Güney Kürdistan halkının verdiği özgürlük mücadelesi sonucu elde ettiği kazanımlarını kimsenin kendi çıkarları için işgalcilere peşkeş çekme hakkının olmadığını vurgulayan Berwarî, pêşmerge güçlerine bu oyuna gelmeme uyarısında bulundu. Berwarî, "Bizler de pêşmergeydik ve Kürdistan'ın özgürlüğü için uzun yıllar mücadele ettik ve hala da ediyoruz. Hiçbirimiz birkaç ailenin şahsi çıkarları için bu mücadeleyi vermedik, bugün yapılanların da Kürt halkı tarafından kabul edileceğini sanmıyorum" diye ekledi.
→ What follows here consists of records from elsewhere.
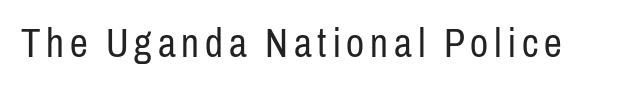
Q: Is the text bold? A: No.
Q: Is the text italic (slanted)? A: No, it is upright.
Q: Is the typeface a serif or a sans-serif typeface? A: Sans-serif.
Q: Is the text underlined? A: No.
Q: Width (condensed, normal, or wide)? A: Condensed.
Q: Stroke contrast? A: Low.
Q: x-height? A: Medium.
Q: Monospaced? A: No.
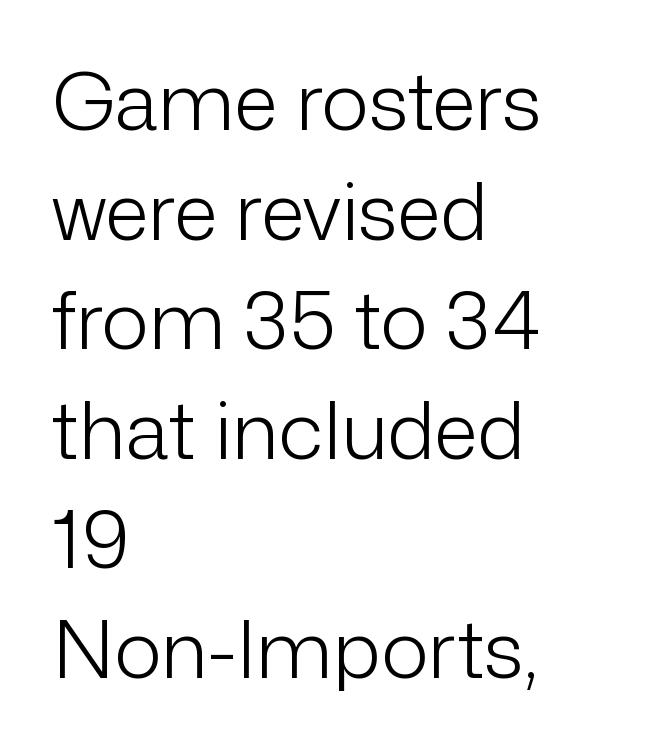
The image shows 80 px light sans-serif type, upright; set left-aligned, normal line spacing (1.37x), normal letter spacing, not underlined; low stroke contrast and a medium x-height.
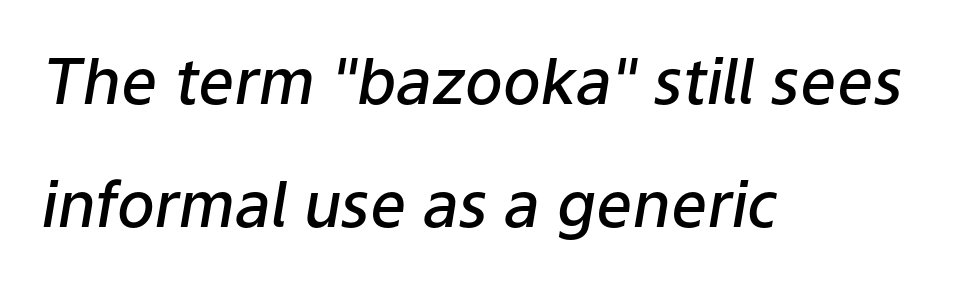
The image shows 63 px semibold type, italic (leaning right); set left-aligned, loose line spacing (1.96x), normal letter spacing, not underlined; low stroke contrast and a medium x-height.
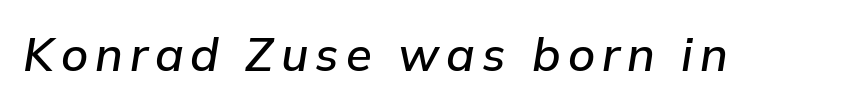
The image shows 47 px text type, italic (leaning right); set not underlined; low stroke contrast and a medium x-height.
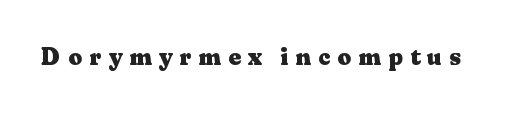
{"italic": "no", "bold": "yes", "underline": "no", "letter_spacing": "wide", "letter_spacing_em": 0.3, "glyph_px": 24}
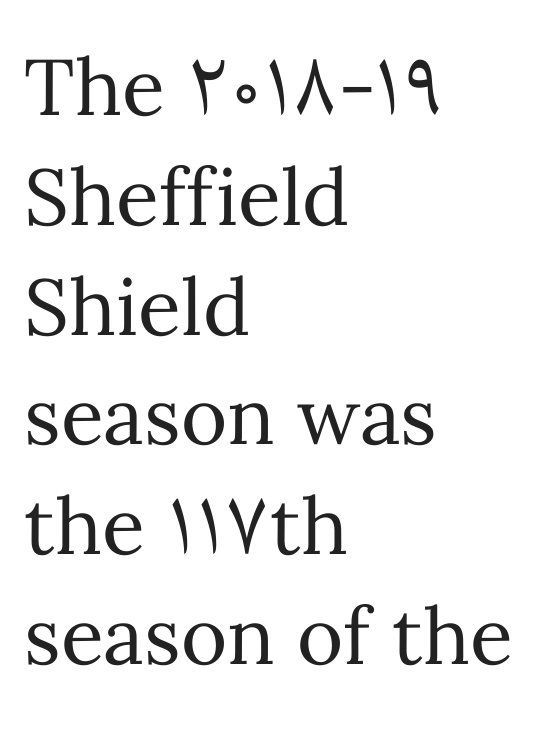
Each row of text sits above clean, open space. The text block is weighted toward the left margin, trailing off unevenly rightward. The space between consecutive lines is moderate. Each stroke keeps to a modest, everyday thickness or less. The specimen reads as upright at a glance.
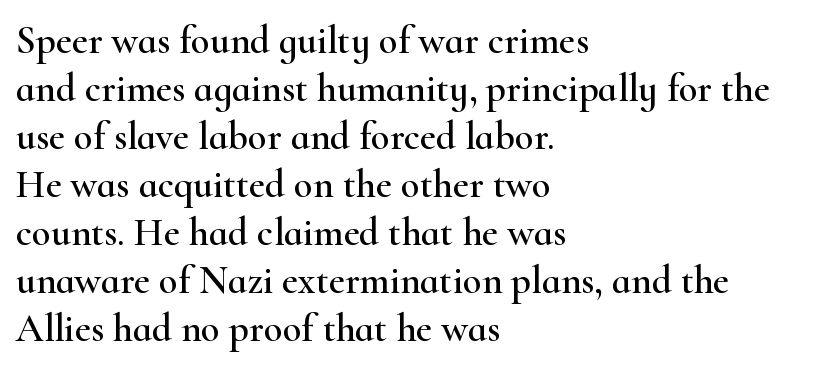
Descender tails drop into unmarked territory. Do the letters lean? They stand straight. If you drew a ruler down the left edge, every line would touch it. The face used here is seriffed, in the tradition of book romans. Glyph-to-glyph distance matches everyday printed text.
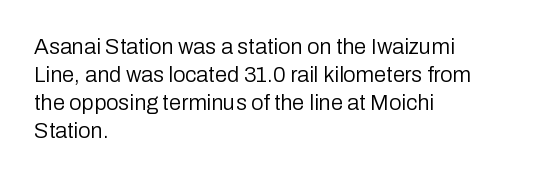
{"italic": "no", "bold": "no", "underline": "no", "align": "left", "line_spacing": "normal", "line_spacing_ratio": 1.27, "letter_spacing": "normal", "letter_spacing_em": 0.0, "glyph_px": 22}
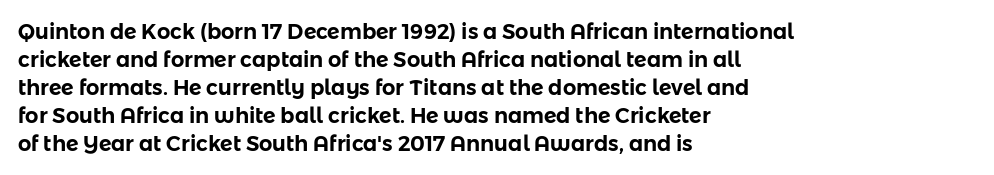
{"italic": "no", "underline": "no", "align": "left", "line_spacing": "normal", "line_spacing_ratio": 1.33, "letter_spacing": "normal", "letter_spacing_em": 0.0, "glyph_px": 21}
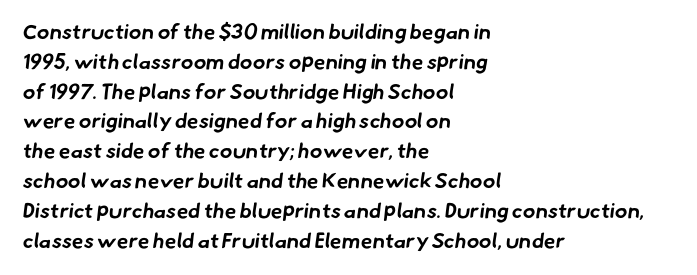
Bold? Absolutely — the strokes are thick and heavy. Does the copy run flush right? No — it runs flush left. Honestly, there is no underline to notice here at all. The lines sit at an ordinary, default distance from one another. Spacing between characters is what you'd get straight out of the box.
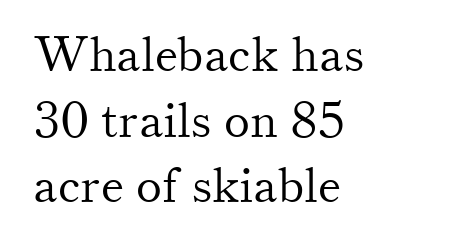
The space between consecutive lines is moderate. Think of a printed novel: that variable character pitch is what you see here. The lettering holds an erect, upright posture throughout. The glyphs are unaccompanied by any horizontal stroke below them. A student would call this left alignment; a typographer would say flush left, rag right. Standard letterfit; no display-style spreading of the glyphs.
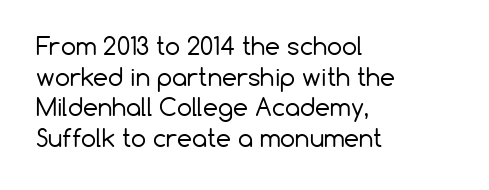
The image shows 24 px text type, upright; set left-aligned, normal line spacing (1.28x), normal letter spacing, not underlined.
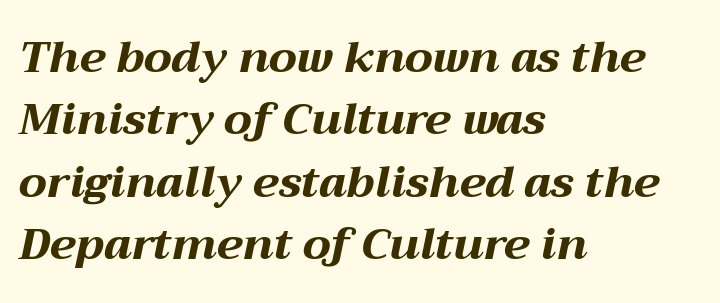
{"italic": "yes", "lean": "right", "slant_degrees": 12, "bold": "yes", "weight": "bold", "width": "wide", "stroke_contrast": "medium", "x_height": "medium", "monospaced": "no", "underline": "no", "align": "left", "line_spacing": "normal", "line_spacing_ratio": 1.42, "letter_spacing": "normal", "letter_spacing_em": 0.0, "glyph_px": 44}

'PÊŞMERGE HALKIN MEVZİSİNDE YER ALMALI'

KDP'nin yayın organlarının "Pêşmerge güçlerinin de Türk askeri ile birlikte hareket edeceği" yönündeki haberlerine dikkat çeken Berwarî, şöyle konuştu: "KDP tarihinde diğer parçalara karşı da, Güney'de de diğer parti ve güçlere karşı da büyük yanlışlar yaptı. Bugün de hala Kuzey Kürdistan ve Rojava halkına karşı bu yanlışları devam ettiriyor. Bu çok büyük bir tehlikedir, pêşmergeyi bu yanlışların bir parçası haline getirmek ise çok daha büyük bir tehlikedir. O yüzden Pêşmerge'ye çağrımız, mevzileri halkın mevziisi olmalı, gerillanın mevziisi olmalı, Kürdistan mevziisi olmalı. İşgalci kim olursa olsun onun mevziisine karşı halkın mevziisinde yer alınmalı."

'İLK ÖNCE KDP VE YNK DÜŞECEK'

"Güney Kürdistan'daki otonomi bir zaafiyete uğrarsa başta KDP ve YNK bundan zarar edecektir. İlk önce onlar düşecekler" diyen Duhok Üniversitesi Öğretim Üyesi Dr. Kamûran Berwarî, şunları dile getirdi: "Düştükleri yerden kalkmaları da çok çok zor olacak. Bugün Türk devletinin hedef aldığı Behdinan bölgesine baktığımızda Kürtlerin özgürlük mücadelesine beşiklik yapmış mekanlar olduğunu görüyoruz. Buraların kaybedilmesi demek Güney halkının da Kuzey'deki halkımız gibi, Efrîn'deki halkımız gibi her gün katledilme, işkence ve tutuklamalarla yüz yüze gelmesi anlamına gelecektir."